-- Required work --
Verbatim copy without images: repeat the records in full.
━━ Data in this exercise
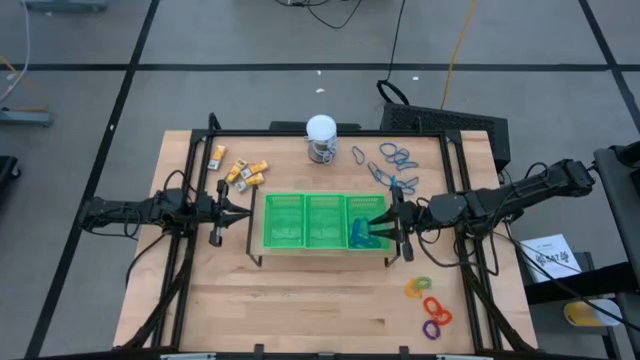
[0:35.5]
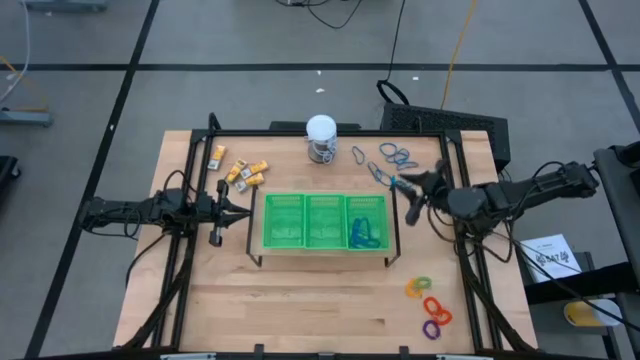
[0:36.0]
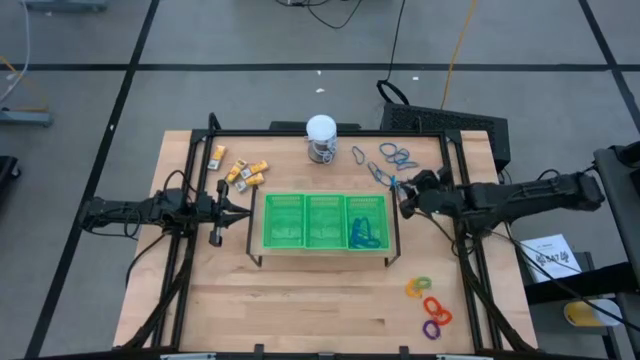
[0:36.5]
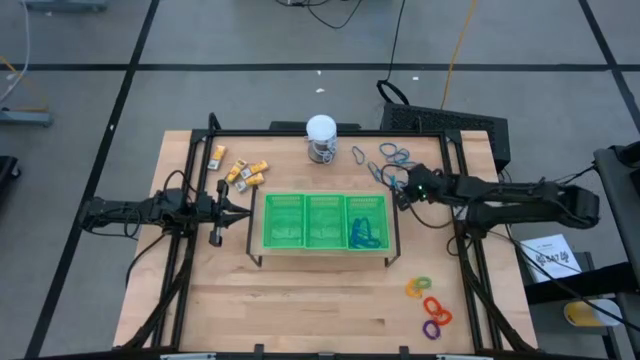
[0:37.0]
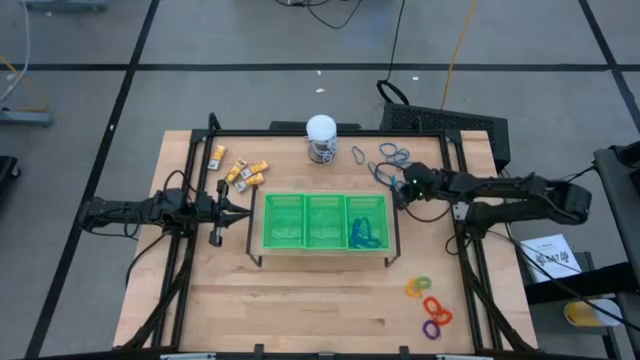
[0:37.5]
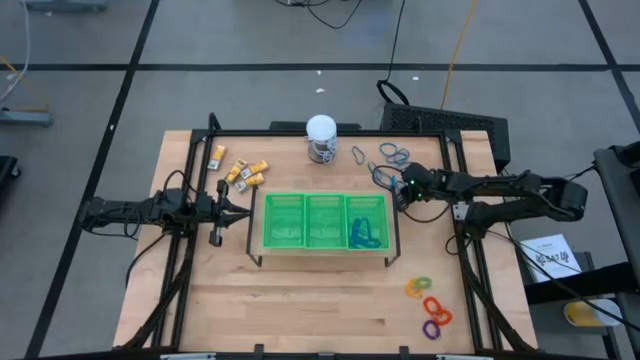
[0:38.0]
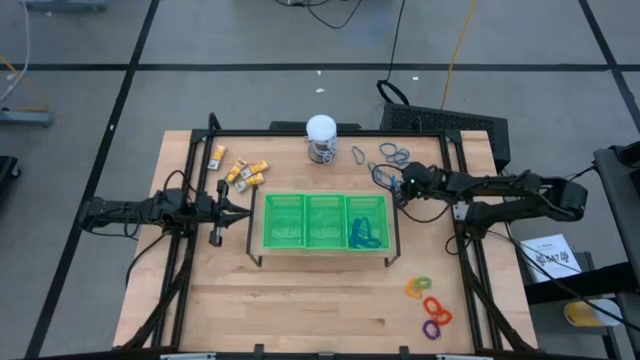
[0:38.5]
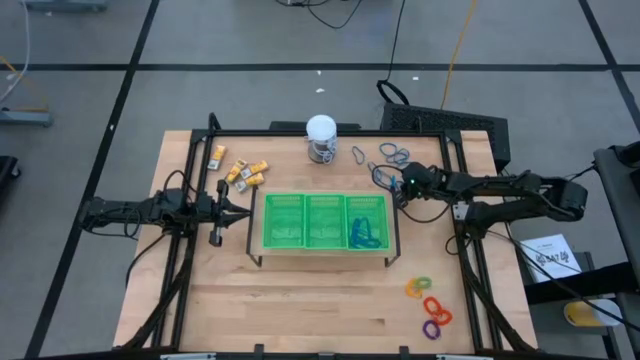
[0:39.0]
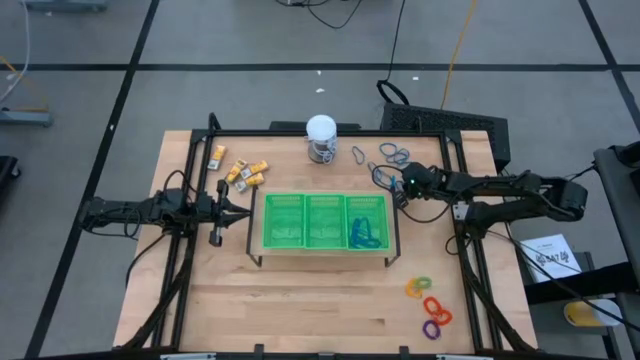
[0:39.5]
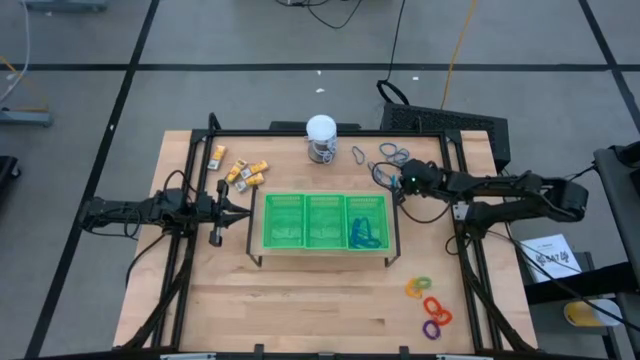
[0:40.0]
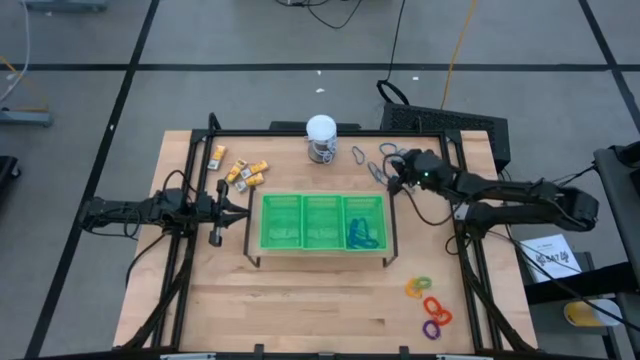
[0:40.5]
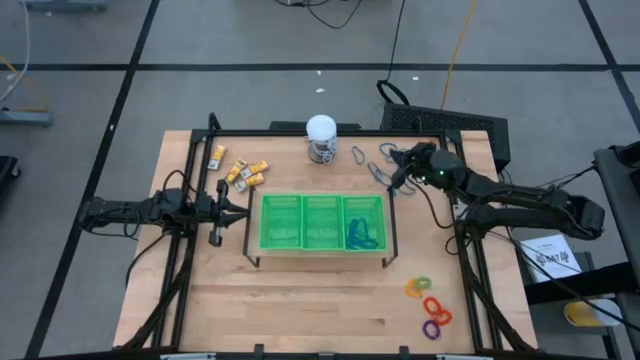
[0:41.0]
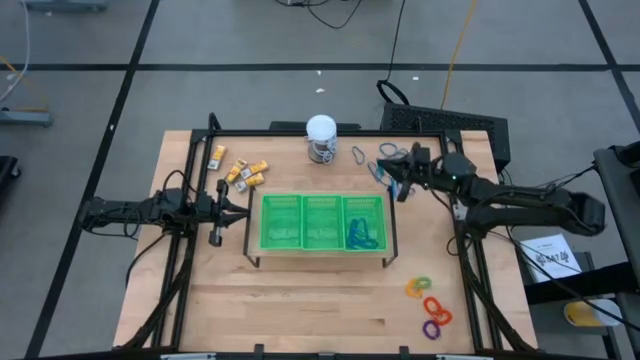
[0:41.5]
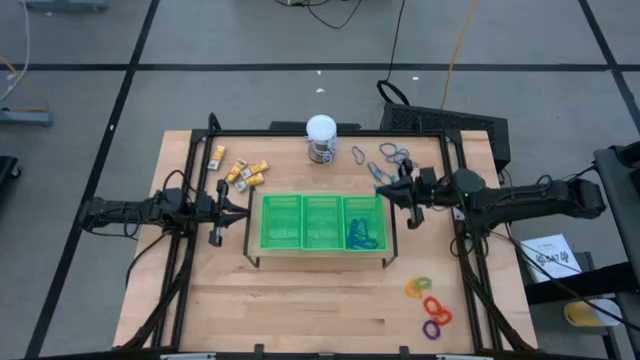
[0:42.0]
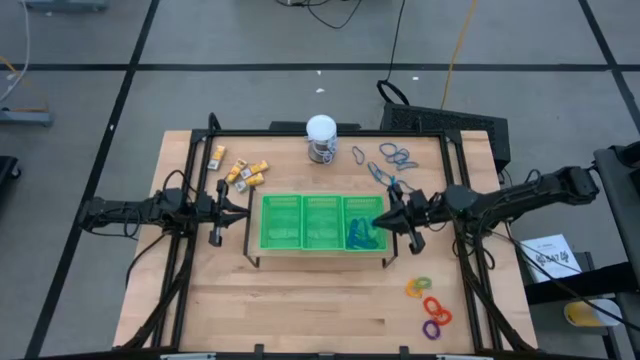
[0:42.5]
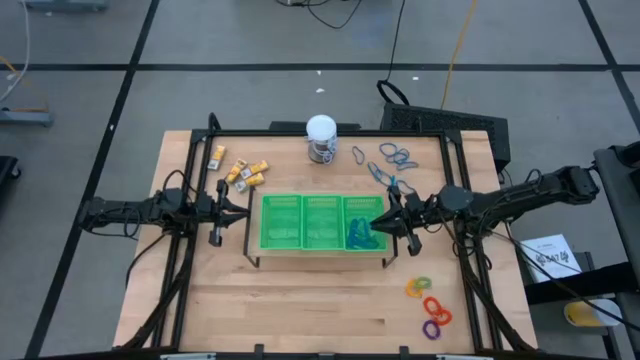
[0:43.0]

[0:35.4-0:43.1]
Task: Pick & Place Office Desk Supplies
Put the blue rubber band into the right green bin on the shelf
━━━━
-- Answer to the exercise --
[0:35.5]
[0:36.0]
[0:36.5]
[0:37.0]
[0:37.5]
[0:38.0]
[0:38.5]
[0:39.0]
[0:39.5]
[0:40.0]
[0:40.5]
[0:41.0]
[0:41.5]
[0:42.0]
[0:42.5]
[0:43.0]

[0:35.4-0:43.1]
Task: Pick & Place Office Desk Supplies
Put the blue rubber band into the right green bin on the shelf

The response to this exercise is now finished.